After Christmas 2009, I realised that my moods varied greatly from week to week and I managed to track them back to realise the connection to my cycle and the days I went on/off the pill. I was already having relationship problems with my then-boyfriend, and when I spent one week of every month crying and another shouting at anyone and everything like a crazed mad woman, I realised this wasn't going to help. So I trotted off to my doctors, presented the evidence and she swapped me to another type of pill.

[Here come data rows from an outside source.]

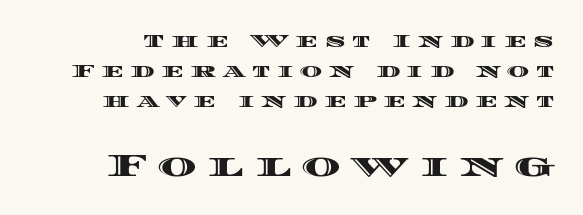
Q: Is the text italic (slanted)? A: No, it is upright.
Q: Is the text underlined? A: No.
Q: Is the spacing between letters normal or unusually wide? A: Unusually wide.
Q: Is the spacing between lines tight, normal or loose? A: Normal.
Q: Which block of text is set in a larger size, the first (top) or the second (bottom)? A: The second (bottom) one.
Q: Width (condensed, normal, or wide)? A: Wide.
Q: x-height? A: Large.
Q: Monospaced? A: No.

|Type in 'hormonal woman' to google image search et voila... depicted.|
When I realised that my emotions were being partly-fuelled by the pill again, I took myself off it and had a very nice, placated 5 months before my need for a longer term contraceptive took me back to the doctor. I now have an IUD coil fitted, which works on many of the same hormones but at a much reduced rate and rather than breaking every month, it provides a consistent flow. And yet I still seemed to suffer the same mood swings from Christmas onwards, going from illogical to teary-eyed to angry beast within days, and I suffered all the other effects of a hormone 'wobble' as my (obviously male) doctor described them, such as headaches and spots.
But now, after having split with my boyfriend three months ago and having only had one 'wobble' since, I've realised the factor was not my hormones. It was my relationship, or rather, relationships. The mood swings being caused by them, the headaches and spots from the stress of being unhappy in my situation... it all adds up, and it was only when I had my first mood swing in months on Thursday that I realised what actually caused my flare-ups. And needless to say, it has nothing to do with my hormone levels, but rather the boyfriend-induced stress levels. The calmest I've been in months have been the times I've felt truly free of BS (boyfriend stress, which to be honest could readily be exchanged with 'bullshit' and the effect would be the same) and as quickly as my BS came on Thursday, I ditched the cause from my life and magically I'm fine again.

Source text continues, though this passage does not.